Example 3 — Multi-Turn Conversation

{
  "Template": ["CUSTOM"],
  "User": [
    "What is photosynthesis and why is it important?",
    "So, is oxygen just a byproduct of that process?"
  ],
  "Assistant": [
    "Photosynthesis is the process used by plants to convert light energy into chemical energy. It produces glucose and releases oxygen as a byproduct, which is vital for most life on Earth.",
    "Exactly. Plants produce oxygen while creating glucose—they use the sugar for energy and release oxygen into the atmosphere."
  ]
}

The dataset must be saved as a single .json file, e.g.:

simple_llama/finetune/ft_dataset/merged_ft_dataset.json

During training, the loader automatically handles tokenization, formatting, padding, and sharding of the dataset.

Datasets Used

The following open datasets were used in this project to construct the SFT dataset:

Dataset	Purpose	Description
LMSYS-Chat-1M	Instruction Tuning	Real human–LLM chat transcripts collected from 25 models. Provides diverse conversational structures and response styles.
Smol-Smoltalk	Efficiency-Focused Fine-Tuning	High-quality, compact dialogue dataset designed for small-model fine-tuning and alignment stability.
ShareGPT (Vicuna Unfiltered)	General Instruction Data	A large-scale collection of real user–assistant conversations used for diverse instruction-following capability.

All datasets were sourced from the Hugging Face Datasets Hub and are redistributed under their respective open licenses.

3. Configuration and Setup

Open the configuration file:

simple_llama/finetune/full_sft/sft_config.py

Key parameters:

# === Paths and Dataset ===
model_path = root_path("simple_llama", "pretraining", "checkpoints")
tokenizer_path = root_path("simple_llama", "dataset", "bpe_8k.json")
ft_json_path = root_path("simple_llama", "finetune", "ft_dataset", "merged_ft_dataset.json")
ckpt_dir = root_path("simple_llama", "finetune", "full_sft", "sft_checkpoints")

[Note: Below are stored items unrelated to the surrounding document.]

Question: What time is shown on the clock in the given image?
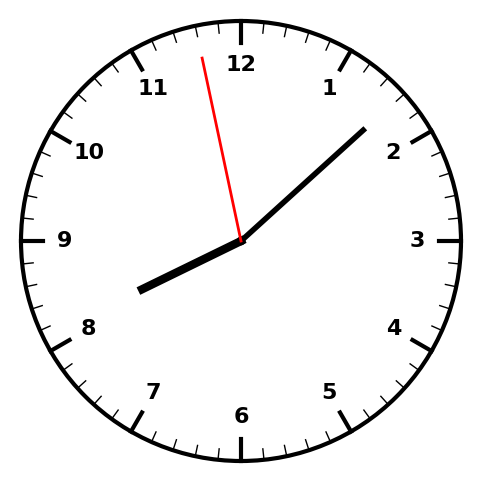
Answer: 08:07:58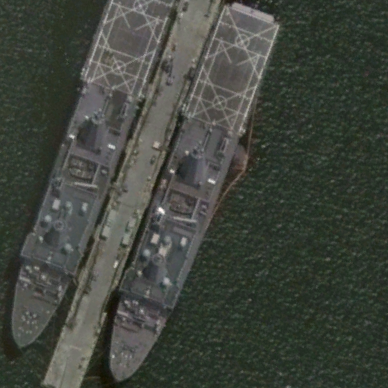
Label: combat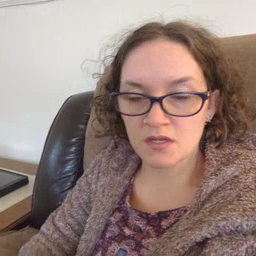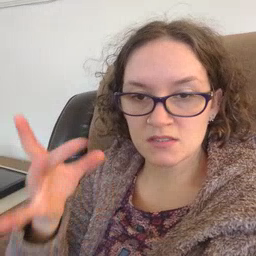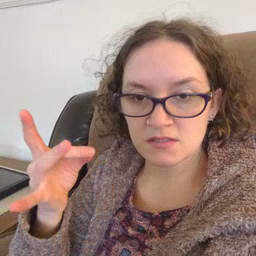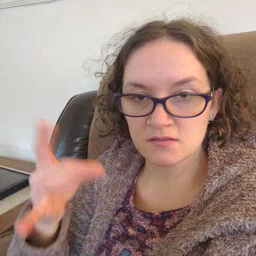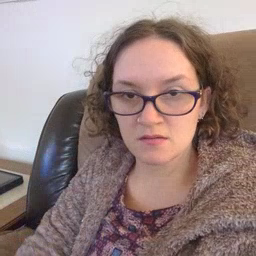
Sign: sticky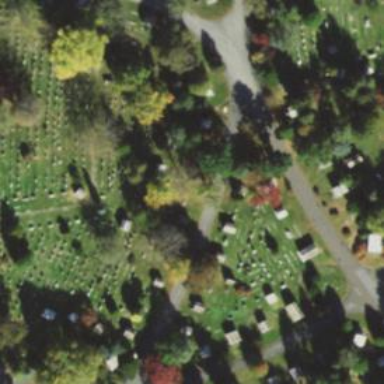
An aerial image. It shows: Graveyard with graves.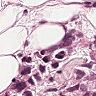
Metastatic tissue present: yes
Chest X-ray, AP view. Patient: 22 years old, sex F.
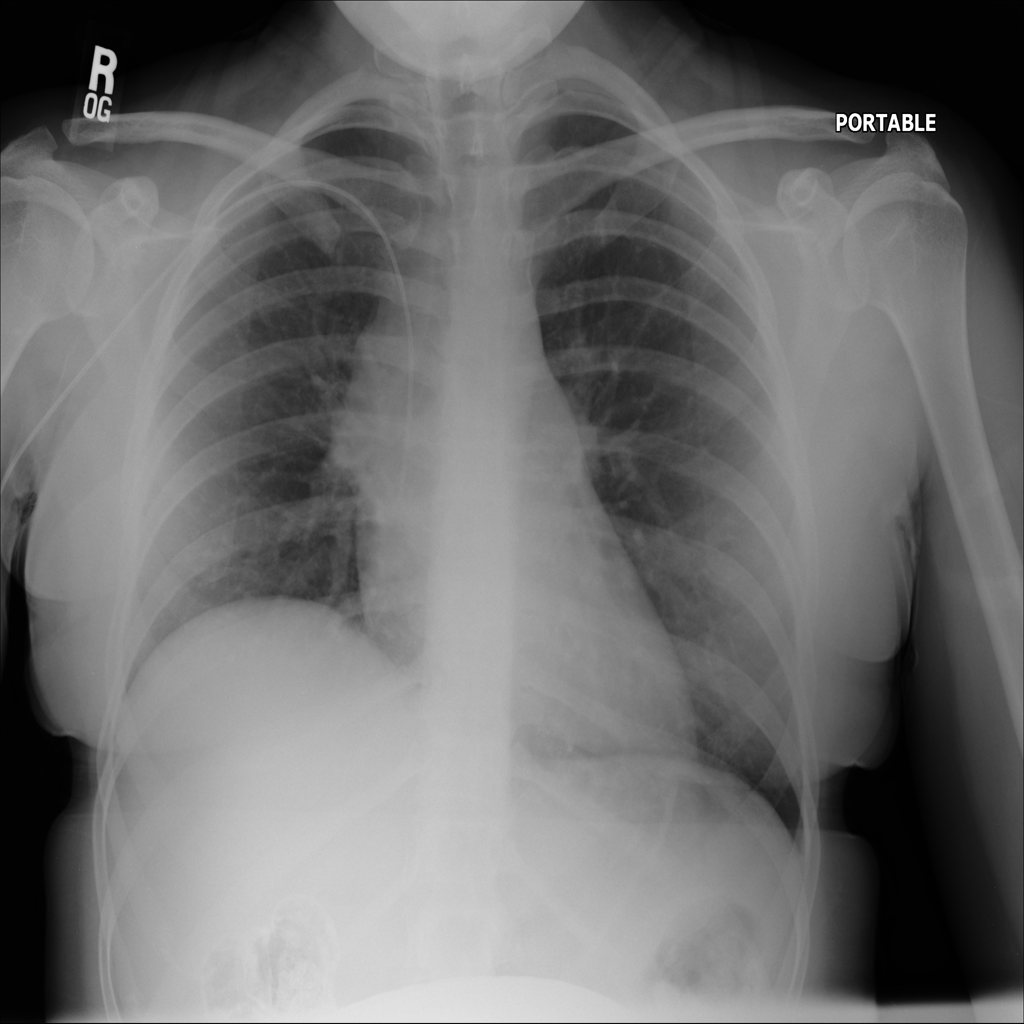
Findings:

# === Batch & Sequence ===
batch_size = 32
grad_accum_steps = 16

# === Training Schedule ===
max_lr = 1e-5
min_lr = 1e-6
warmup_iterations = 100
epochs = 3

# === Evaluation ===
eval_interval = 8  # Evaluate every N optimizer steps
eval_num_samples = 256

You can adjust these values depending on GPU memory or experiment goals. Most crucially, ensure that the model_path and ft_json_path points to the correct file locations

4. Training Workflow

After gathering the SFT dataset, run the following command to start fine-tuning:

python3 finetune/full_sft/finetune.py

Or, if you're already in the simple_llama/finetune/full_sft/ directory:

python3 finetune.py

If within the full_sft directory already

What Happens Internally

The pretrained checkpoint is loaded from the pretraining phase.
The JSON dataset is loaded and tokenized automatically by JSONDatasetLoader.
Tokenized data is sharded and saved temporarily for fast access.
Each batch is dynamically padded to match the longest sequence in the batch.
The model is fine-tuned using CrossEntropyLoss, ignoring <PAD> tokens.
Periodic validation and text generation samples are logged.
Checkpoints are saved every epoch under sft_checkpoints/.

Logging and Checkpoints

Logs are written to sft_progress.txt.
Each checkpoint file includes:
Model weights
Config dataclass (for later reconstruction)
Training progress metadata

To resume training from a checkpoint, set load_ckpt=True in your config.

5. Summary

By the end of SFT, you will have a fine-tuned SimpleLLaMA model capable of conversational, instruction-following behavior. At this point, the model can be used for inference, or it can be further tuned (aligned) using Reinforcement Learning.

This concludes the Supervised Fine-Tuning stage. The next section, Reinforcement Learning, builds on this to align model behavior with human preferences using Direct Preference Optimization (DPO).